Bei Borgan
Nachdem ich drei Wochen nach Nordwesten
gezogen war, traf ich des nachmittags auf eine kleine
Hütte im tiefsten Unterholz. Ich hatte mich noch nicht
ganz entschlossen, ob ich weiter marschieren oder
klopfen sollte, als plötzlich ein lautes "Holla, wer
da?" erschallte und ein riesiger breitschultriger
Mann in einem Fenster erschien. Zuerst war ich ein
wenig skeptisch, aber nachdem ich mich mit dem Mann,
der sich als Borgan vorstellte, einige Minuten unterhalten
hatte, gab ich meine Vorsicht auf und ließ mich sogar
von ihm einladen, eine Nacht bei ihm zu verbringen.
Zuerst glaubte ich, Borgan sei Köhler oder Holzfäller,
am Abend erzählte er jedoch einige spannende Geschichten
über sich, bei denen sich herausstellte, daß er in
dieser Einsamkeit lebte, weil er keinen Kontakt zu
den Menschen wollte. Borgans ungezwungene und offene
Art, sein Lebenswandel im Einklang mit der Natur und
seine Ansichten über den Lauf der Dinge überzeugten
mich bereits an diesem Abend dermaßen, daß ich des
nachts nicht recht schlafen wollte, so sehr zerbrach
ich mir den Kopf darüber, ihn zu fragen, ob ich einige
Zeit bei ihm bleiben könnte. Am nächsten Morgen faßte
ich mir ein Herz und bat ihn, bei ihm wohnen zu dürfen,
um mich ein wenig in die Geheimnisse der Natur einzuweihen.
Borgan erbat sich Bedenkzeit bis zum Abend und nachdem
er von einer langen Wanderung durch den Wald zurückkam,
erlaubte er mir, bei ihm zu bleiben.
Nach der Zügellosigkeit, die ich
mir in Dreywassern zu eigen gemacht hatte, folgte
nun ein Leben in Bescheidenheit.

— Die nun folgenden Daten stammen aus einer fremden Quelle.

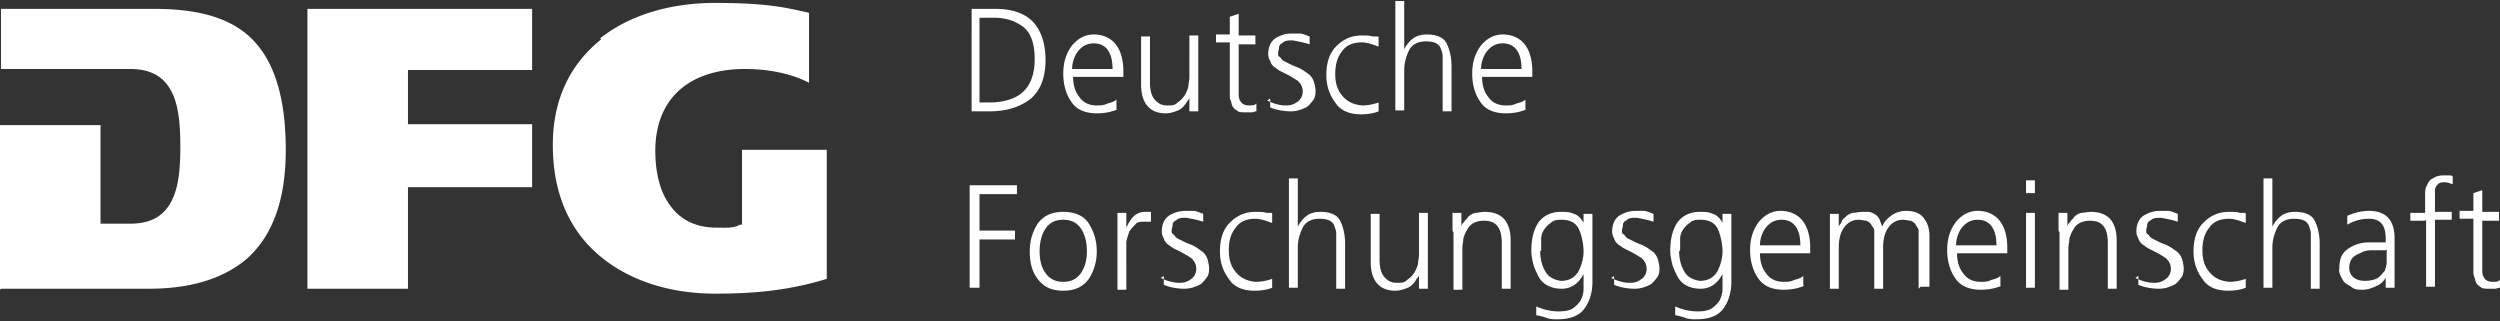 <svg xmlns="http://www.w3.org/2000/svg" width="280" height="36" fill="none" viewBox="0 0 280 36"><rect x="0" y="0" width="280" height="36" fill="#333333" stroke="none"/><path fill="#fff" d="M.11 32.337h16.555c4.415 0 8.168-.993 10.927-3.31 2.759-2.429 4.414-6.292 4.414-12.251 0-6.402-1.545-10.375-4.083-12.693-2.539-2.317-6.291-3.09-10.706-3.09H.11v6.733h14.458c2.208 0 3.643.772 4.525 2.317.883 1.545 1.104 3.642 1.104 6.402 0 2.648-.22 4.745-1.104 6.29-.883 1.546-2.317 2.318-4.525 2.318h-3.31V14.016H0v18.432l.11-.11ZM34.434 32.337h11.258V20.97h13.906v-7.063H45.692v-6.07h13.906V.993H34.434v31.344ZM67.324 4.415c-3.311 2.648-5.408 6.511-5.408 11.809 0 5.629 1.986 9.712 5.297 12.471 3.311 2.76 7.836 4.194 12.913 4.194 4.746 0 8.498-.441 12.471-1.655V16.776h-9.491v8.387h-.22c-.773.442-1.767.332-2.65.332-2.428 0-4.193-.994-5.297-2.65-1.104-1.544-1.545-3.752-1.545-5.959 0-2.98.993-5.297 2.759-6.843 1.766-1.545 4.304-2.317 7.284-2.317 2.98 0 5.519.662 7.174 1.545V1.435C87.741.773 85.644.33 80.016.33c-4.856 0-9.492 1.324-12.803 3.973M108.711.993h2.759c1.987 0 3.422.552 4.305 1.545.882.994 1.324 2.428 1.324 4.194 0 2.097-.662 3.532-1.766 4.415-1.214.883-2.649 1.324-4.525 1.324h-1.987V.993h-.11Zm1.104 10.485h.883c3.421 0 5.187-1.545 5.187-4.856 0-1.766-.442-2.98-1.324-3.642-.883-.662-1.987-.994-3.201-.994h-1.656v9.492h.111ZM125.156 12.25c-.773.332-1.545.442-2.318.442-1.324 0-2.318-.441-2.869-1.324-.552-.773-.883-1.877-.883-3.09 0-1.325.331-2.318.993-3.201.662-.773 1.435-1.214 2.428-1.214 1.104 0 1.987.441 2.538 1.214.552.772.773 1.766.773 2.98v.552h-5.629c0 .882.221 1.655.662 2.207.442.662 1.104.993 1.987.993.442 0 .773 0 1.214-.22.442-.11.773-.221.993-.442v1.104h.111Zm-.552-4.524c0-.773-.11-1.435-.442-1.987-.331-.552-.882-.883-1.655-.883s-1.324.331-1.766.883c-.441.552-.662 1.324-.662 1.987h4.525ZM134.206 10.485v1.986h-.994v-1.545c0 .221-.22.331-.331.552-.11.22-.331.441-.441.552-.221.22-.442.331-.773.441-.331.11-.662.221-1.103.221-.994 0-1.656-.331-2.097-.883-.442-.552-.663-1.324-.663-2.318V4.084h.994V9.16c0 .773.11 1.435.441 1.877.331.441.773.772 1.435.772s.883 0 1.214-.33c.331-.222.552-.442.773-.773.22-.332.331-.663.441-.994 0-.33.11-.662.11-1.103V3.973h.994v6.511ZM140.607 4.966h-1.876v5.408c0 .442 0 .662.221.993.11.221.441.442.882.442.442 0 .663 0 .883-.22v.882s-.22 0-.441.11h-.773c-.441 0-.772 0-.993-.22a1.132 1.132 0 0 1-.552-.662c0-.221-.22-.552-.22-.883v-6.07h-1.546v-.883h1.546V1.876l.993-.331v2.428h1.876v.993ZM141.931 11.257c.663.332 1.325.552 2.097.552.552 0 .883-.11 1.325-.441.331-.221.552-.662.552-1.104 0-.552-.221-.883-.552-1.214-.331-.22-.883-.552-1.325-.773l-.662-.33c-.221-.111-.441-.332-.662-.442-.221-.22-.331-.331-.442-.662-.11-.221-.22-.442-.22-.773 0-.883.331-1.435.772-1.766.552-.33 1.104-.552 1.877-.552h.882c.332 0 .773.221 1.104.332v.882c-.662-.22-1.324-.33-1.876-.441-.552 0-.883 0-1.214.331-.11 0-.331.22-.331.442 0 .22-.111.441-.111.662 0 .22 0 .33.221.441.111.11.221.331.442.442l.662.33c.221.111.441.222.772.332.552.22.994.552 1.435.883.442.441.552.883.662 1.655 0 .442 0 .773-.22 1.104-.221.331-.442.552-.663.773-.551.33-1.214.551-1.876.551-.662 0-1.545-.11-2.318-.441v-.993l-.331.22ZM154.293 5.187c-.552-.22-1.215-.441-1.766-.441-.994 0-1.766.33-2.208.993-.552.662-.772 1.545-.772 2.538 0 .994.22 1.766.772 2.429.552.662 1.214.993 2.208 1.103.662 0 1.214-.11 1.876-.33v.992c-.552.221-1.214.332-1.987.332-1.324 0-2.317-.442-2.869-1.325-.662-.883-.994-1.876-.994-3.09 0-1.325.332-2.428 1.104-3.2.773-.773 1.656-1.215 2.87-1.215.551 0 .883 0 1.214.11h.441c.111 0 .221 0 .221.11v.994h-.11ZM156.279.11h.993v5.408a3.45 3.45 0 0 1 .994-1.214c.441-.33.993-.441 1.545-.441 1.103 0 1.876.33 2.207.993.331.662.552 1.545.552 2.539v5.076h-.993v-6.18c0-.331-.111-.552-.221-.883-.221-.552-.773-.773-1.656-.773-.883 0-1.545.332-1.876.994-.331.662-.552 1.434-.552 2.207v4.525h-.993V0v.11ZM170.958 12.25c-.773.332-1.545.442-2.318.442-1.324 0-2.318-.441-2.869-1.324-.552-.773-.883-1.877-.883-3.09 0-1.325.331-2.318.993-3.201.662-.773 1.435-1.214 2.428-1.214 1.104 0 1.987.441 2.539 1.214.551.772.772 1.766.772 2.98v.552h-5.629c0 .882.221 1.655.663 2.207.441.662 1.103.993 1.986.993.442 0 .773 0 1.214-.22.442-.11.773-.221.994-.442v1.104h.11Zm-.552-4.524c0-.773-.11-1.435-.441-1.987-.332-.552-.883-.883-1.656-.883-.772 0-1.324.331-1.766.883-.441.552-.662 1.324-.662 1.987h4.525ZM108.601 20.749h5.297v.993h-4.194v4.084h3.974v.993h-3.974v5.408h-1.103V20.75ZM115.333 28.144c0-1.214.331-2.208.883-3.09.662-.883 1.545-1.325 2.869-1.325 1.325 0 2.318.442 2.87 1.324.552.883.883 1.877.883 3.09a5.646 5.646 0 0 1-.883 3.09c-.662.884-1.545 1.325-2.87 1.325-1.324 0-2.207-.441-2.869-1.324-.662-.883-.883-1.876-.883-3.09Zm1.104 0c0 .993.22 1.876.662 2.428.441.662 1.104.993 1.986.993.883 0 1.546-.331 1.987-.993.442-.662.662-1.435.662-2.428 0-.994-.22-1.877-.662-2.539-.441-.662-1.104-.993-1.987-.993-.882 0-1.545.331-1.986.993-.442.662-.662 1.545-.662 2.539ZM125.156 25.716v-1.877h.993v1.656c.221-.442.441-.883.773-1.214a1.826 1.826 0 0 1 1.324-.552h.662v1.104h-.772c-.442 0-.773 0-.994.33-.22.221-.441.442-.662.773-.11.331-.221.663-.331 1.104V32.448h-.993V25.716ZM130.012 31.124c.662.33 1.324.551 2.097.551.552 0 .883-.11 1.324-.441.331-.22.552-.662.552-1.104 0-.552-.221-.883-.552-1.214-.331-.22-.883-.552-1.324-.772l-.662-.331c-.221-.11-.442-.331-.663-.442-.22-.22-.331-.331-.441-.662-.11-.22-.221-.442-.221-.773 0-.883.331-1.434.773-1.765.552-.332 1.103-.552 1.876-.552h.883c.331 0 .772.22 1.104.33v.884c-.663-.221-1.325-.331-1.877-.442-.551 0-.883 0-1.214.331-.11 0-.331.221-.331.442 0 .22-.11.441-.11.662 0 .22 0 .331.221.441.11.11.22.332.441.442l.662.331c.221.11.442.22.773.331.552.22.993.552 1.435.883.441.441.551.883.662 1.656 0 .441 0 .772-.221 1.103a4.803 4.803 0 0 1-.662.773c-.552.33-1.214.552-1.876.552-.663 0-1.546-.11-2.318-.442v-.993l-.331.22ZM142.373 24.943c-.552-.22-1.214-.441-1.766-.441-.993 0-1.766.33-2.207.993-.552.662-.773 1.545-.773 2.538 0 .994.221 1.766.773 2.428.551.663 1.214.994 2.207 1.104.662 0 1.214-.11 1.876-.331v.993c-.552.221-1.214.331-1.986.331-1.325 0-2.318-.441-2.87-1.324-.662-.883-.993-1.876-.993-3.09 0-1.325.331-2.428 1.103-3.201.773-.773 1.656-1.214 2.87-1.214.552 0 .883 0 1.214.11h.441c.111 0 .221 0 .221.11v.994h-.11ZM144.359 19.977h.994v5.407c.221-.44.552-.882.993-1.213.442-.332.993-.442 1.545-.442 1.104 0 1.876.331 2.208.993.331.662.551 1.545.551 2.539v5.077h-.993v-6.181c0-.331-.11-.552-.221-.883-.22-.552-.772-.772-1.655-.772s-1.545.33-1.876.993c-.331.662-.552 1.435-.552 2.207v4.525h-.994v-12.36.11ZM159.921 30.351v1.987h-.993v-1.546c0 .221-.221.331-.331.552-.111.221-.331.442-.442.552-.22.22-.441.331-.772.442-.331.11-.662.22-1.104.22-.993 0-1.655-.33-2.097-.883-.441-.551-.662-1.324-.662-2.317V23.95h.993v5.077c0 .772.111 1.434.442 1.876.331.441.772.772 1.434.772.663 0 .883 0 1.214-.33.332-.221.552-.442.773-.773.221-.331.331-.662.441-.994 0-.33.111-.662.111-1.103v-4.636h.993V30.351ZM162.68 25.826v-1.987h.994v1.546c0-.221.22-.442.331-.552.11-.221.331-.331.441-.552.221-.22.442-.331.773-.442.331 0 .662-.11 1.103-.11.994 0 1.766.331 2.208.883.441.552.662 1.324.662 2.318v5.408h-.993V27.26c0-.773-.111-1.435-.442-1.877-.331-.441-.772-.662-1.545-.662-.883 0-1.545.331-1.876.994-.221.33-.331.662-.442.993 0 .331-.11.773-.11 1.104v4.635h-.993v-6.401l-.111-.221ZM178.352 31.565c0 1.214-.331 2.207-.883 2.98-.551.773-1.545 1.214-2.979 1.214-.552 0-.994 0-1.435-.22-.442-.111-.773-.221-.994-.221v-.994c.773.331 1.546.552 2.539.552.662 0 1.214-.11 1.545-.331.331-.22.662-.552.883-.883.221-.441.331-.883.331-1.324v-1.656c-.552 1.104-1.435 1.656-2.428 1.656-1.324 0-2.207-.552-2.649-1.435-.221-.442-.441-.883-.552-1.325-.11-.441-.22-.993-.22-1.434 0-1.325.22-2.318.772-3.201.552-.773 1.435-1.214 2.539-1.214.551 0 .993 0 1.434.22.442.111.773.442 1.104.994v-.993h.993v7.725-.11Zm-5.849-3.421c0 .883.221 1.655.552 2.207.331.662.993.993 1.766 1.104.883 0 1.545-.331 1.986-1.104.331-.662.552-1.435.552-2.207 0-.773-.221-1.877-.552-2.539-.331-.662-.993-.993-1.876-.993-.441 0-.883 0-1.214.331-.331.22-.552.441-.773.773a1.87 1.87 0 0 0-.331 1.103v1.214l-.11.11ZM180.449 31.124c.663.33 1.325.551 2.097.551.552 0 .883-.11 1.325-.441.331-.22.552-.662.552-1.104 0-.552-.221-.883-.552-1.214-.331-.22-.883-.552-1.325-.772l-.662-.331c-.221-.11-.441-.331-.662-.442-.221-.22-.331-.331-.442-.662-.11-.22-.22-.442-.22-.773 0-.883.331-1.434.772-1.765.552-.332 1.104-.552 1.877-.552h.882c.332 0 .773.22 1.104.33v.884c-.662-.221-1.324-.331-1.876-.442-.552 0-.883 0-1.214.331-.111 0-.331.221-.331.442 0 .22-.111.441-.111.662 0 .22 0 .331.221.441.11.11.221.332.442.442l.662.331c.22.11.441.22.772.331.552.22.994.552 1.435.883.442.441.552.883.662 1.656 0 .441 0 .772-.22 1.103-.221.331-.442.552-.663.773-.551.33-1.214.552-1.876.552-.662 0-1.545-.11-2.318-.442v-.993l-.331.22ZM193.914 31.565c0 1.214-.331 2.207-.883 2.98-.552.773-1.545 1.214-2.98 1.214-.552 0-.993 0-1.435-.22-.441-.111-.772-.221-.993-.221v-.994c.773.331 1.545.552 2.539.552.662 0 1.214-.11 1.545-.331.331-.22.662-.552.883-.883.22-.441.331-.883.331-1.324v-1.656c-.552 1.104-1.435 1.656-2.428 1.656-1.325 0-2.208-.552-2.649-1.435-.221-.442-.442-.883-.552-1.325-.11-.441-.221-.993-.221-1.434 0-1.325.221-2.318.773-3.201.552-.773 1.435-1.214 2.538-1.214.552 0 .994 0 1.435.22.442.111.773.442 1.104.994v-.993h.993v7.725-.11Zm-5.849-3.421c0 .883.22 1.655.551 2.207.331.662.994.993 1.766 1.104.883 0 1.545-.331 1.987-1.104.331-.662.552-1.435.552-2.207 0-.773-.221-1.877-.552-2.539-.331-.662-.993-.993-1.876-.993-.442 0-.883 0-1.214.331-.331.22-.552.441-.773.773a1.863 1.863 0 0 0-.331 1.103v1.214l-.11.11ZM202.081 32.007c-.772.33-1.545.441-2.318.441-1.324 0-2.317-.441-2.869-1.324-.552-.773-.883-1.877-.883-3.09 0-1.325.331-2.318.993-3.201.663-.773 1.435-1.214 2.428-1.214 1.104 0 1.987.441 2.539 1.214.552.772.772 1.766.772 2.98v.551h-5.628c0 .883.22 1.656.662 2.208.441.662 1.104.993 1.986.993.442 0 .773 0 1.214-.22.442-.111.773-.221.994-.442v1.104h.11Zm-.441-4.525c0-.773-.111-1.435-.442-1.987s-.883-.883-1.655-.883c-.773 0-1.325.331-1.766.883-.442.552-.662 1.324-.662 1.986h4.525ZM214.884 32.338v-6.512c0-.22-.221-.442-.331-.662-.111-.221-.332-.331-.552-.442-.221 0-.552-.11-.883-.11-.552 0-1.104.22-1.545.773-.442.551-.662 1.324-.662 2.317v4.636h-.994v-6.512c0-.22-.221-.442-.331-.662-.11-.221-.331-.331-.552-.442-.22 0-.552-.11-.883-.11-.551 0-1.103.22-1.545.773-.441.551-.662 1.324-.662 2.317v4.636h-.993V23.95h.993v1.434c0-.11.221-.33.331-.551 0-.221.221-.331.442-.552.22-.22.441-.331.772-.442.331 0 .662-.11 1.104-.11h.662c.221 0 .441.11.662.22.221.111.442.332.552.553.11.22.221.551.331.883.221-.552.552-.883.993-1.215a2.714 2.714 0 0 1 1.656-.551c.883 0 1.545.22 1.987.772.441.552.662 1.214.662 1.987v5.739h-.994l-.22.22ZM224.155 32.007c-.773.33-1.546.441-2.318.441-1.325 0-2.318-.441-2.87-1.324-.552-.773-.883-1.877-.883-3.09 0-1.325.331-2.318.994-3.201.662-.773 1.434-1.214 2.428-1.214 1.103 0 1.986.441 2.538 1.214.552.772.773 1.766.773 2.98v.551h-5.629c0 .883.221 1.656.662 2.208.442.662 1.104.993 1.987.993.441 0 .772 0 1.214-.22.441-.111.772-.221.993-.442v1.104h.111Zm-.552-4.525c0-.773-.111-1.435-.442-1.987s-.883-.883-1.655-.883c-.773 0-1.325.331-1.766.883-.442.552-.662 1.324-.662 1.986h4.525ZM227.907 21.632h-.993v-1.435h.993v1.435Zm-.993 2.207h.993v8.388h-.993V23.84ZM230.556 25.826v-1.987h.993v1.546c0-.221.221-.442.331-.552.11-.221.331-.331.442-.552.22-.22.441-.331.772-.442.331 0 .662-.11 1.104-.11.993 0 1.766.331 2.207.883.442.552.662 1.324.662 2.318v5.408h-.993V27.26c0-.773-.11-1.435-.441-1.877-.332-.441-.773-.662-1.546-.662-.883 0-1.545.331-1.876.994-.221.33-.331.662-.441.993 0 .331-.111.773-.111 1.104v4.635h-.993v-6.401l-.11-.221ZM239.164 31.124c.663.33 1.325.551 2.097.551.552 0 .883-.11 1.325-.441.331-.22.552-.662.552-1.104 0-.552-.221-.883-.552-1.214-.331-.22-.883-.552-1.325-.772l-.662-.331c-.221-.11-.441-.331-.662-.442-.221-.22-.331-.331-.442-.662-.11-.22-.22-.442-.22-.773 0-.883.331-1.434.772-1.765.552-.332 1.104-.552 1.876-.552h.883c.332 0 .773.22 1.104.33v.884c-.662-.221-1.324-.331-1.876-.442-.552 0-.883 0-1.214.331-.111 0-.331.221-.331.442 0 .22-.111.441-.111.662 0 .22 0 .331.221.441.11.11.221.332.442.442l.662.331c.221.11.441.22.772.331.552.22.994.552 1.435.883.442.441.552.883.662 1.656 0 .441 0 .772-.22 1.103-.221.331-.442.552-.663.773-.551.33-1.214.552-1.876.552-.662 0-1.545-.11-2.318-.442v-.993l-.331.22ZM251.415 24.943c-.552-.22-1.214-.441-1.766-.441-.993 0-1.766.33-2.207.993-.552.662-.773 1.545-.773 2.538 0 .994.221 1.766.773 2.428.552.663 1.214.994 2.207 1.104.662 0 1.214-.11 1.876-.331v.993c-.552.221-1.214.331-1.986.331-1.325 0-2.318-.441-2.87-1.324-.662-.883-.993-1.876-.993-3.09 0-1.325.331-2.428 1.104-3.201.772-.773 1.655-1.214 2.869-1.214.552 0 .883 0 1.214.11h.442c.11 0 .22 0 .22.11v.994h-.11ZM253.512 19.977h.993v5.407a3.45 3.45 0 0 1 .994-1.213c.441-.332.993-.442 1.545-.442 1.103 0 1.876.331 2.207.993.331.662.552 1.545.552 2.539v5.077h-.993v-6.181c0-.331-.111-.552-.221-.883-.221-.552-.773-.772-1.656-.772-.883 0-1.545.33-1.876.993-.331.662-.552 1.435-.552 2.207v4.525h-.993v-12.36.11ZM267.308 30.903c-.221.441-.552.883-1.104 1.104-.441.22-.993.441-1.545.441-.552 0-.993 0-1.324-.331-.331-.22-.662-.331-.883-.662-.331-.552-.552-.994-.442-1.435 0-.662.111-1.214.442-1.656.331-.441.772-.662 1.214-.883.552-.22.993-.33 1.655-.33h1.877v-.442c0-1.435-.552-2.207-1.877-2.207-.883 0-1.655.22-2.428.662v-.994c.773-.33 1.545-.551 2.428-.551 1.877 0 2.87.993 2.87 3.09v5.518h-.993v-1.324h.11Zm-.11-2.87H265.542c-.441 0-.883.11-1.214.331-.331.11-.662.331-.883.552a1.863 1.863 0 0 0-.331 1.104c0 .441.221.883.552 1.104.331.22.662.33 1.214.33.552 0 1.103-.11 1.435-.33.331-.221.551-.552.772-.773.111-.331.221-.662.221-.993v-1.435l-.11.11ZM271.612 24.722h-1.655v-.883h1.655v-1.987c0-.441 0-.772.221-1.103.11-.331.331-.662.662-.773.331-.22.662-.331 1.214-.331h.552c.221 0 .331 0 .441.11v.883c-.331-.11-.551-.22-.883-.22-.331 0-.551 0-.772.22-.221.221-.331.442-.331.662V23.73h1.876v.883h-1.876v7.505h-.993v-7.505l-.111.11ZM279.89 24.722h-1.877v5.408c0 .442 0 .662.221.993.111.221.442.442.883.442.442 0 .662 0 .883-.22v.882s-.221 0-.441.11h-.773c-.441 0-.773 0-.993-.22a1.128 1.128 0 0 1-.552-.662c0-.221-.221-.552-.221-.883V24.5h-1.545v-.883h1.545v-1.986l.993-.331v2.428h1.877v.993Z"/></svg>

Borgan lehrte mich,
sparsam mit den Geschenken der Natur umzugehen und
die Natur als ein Gabe der Götter zu ehren. Daneben
besaß Borgan ein fast grenzenloses Wissen über Etikette
und gute Manieren, das er in den Jahren, bevor er
sich in diesem Wald niedergelassen hatte, am Hofe
des Königs in Ahbron erworben hatte. Über alles konnte
er etwas erzählen, lediglich wenn die Sprache auf
seine Person kam, wurde er schnell still und zugeknöpft.
In der gesamten Zeit, die ich bei ihm verbrachte,
erfuhr ich nicht mehr über sein Leben, als daß er
einst ein ehrenhafter und kühner Krieger gewesen sein
mußte, der nach einer übermächtigen Enttäuschung den
Kontakt zu anderen Menschen abgebrochen hatte.
Fast ein Jahr blieb ich bei Borgan
und war die Ausbildung bei Asgaron und Rodwin wichtig
für mein Wissen gewesen, so wurde der Aufenthalt bei
Borgan entscheidend für meinen Charakter und meine
Weltanschauung. Sehr weit
war ich bislang nicht in der Welt herumgekommen, doch
ich hatte so viele wichtige Erfahrungen gemacht, daß
ich deswegen kein schlechtes Gewissen hatte.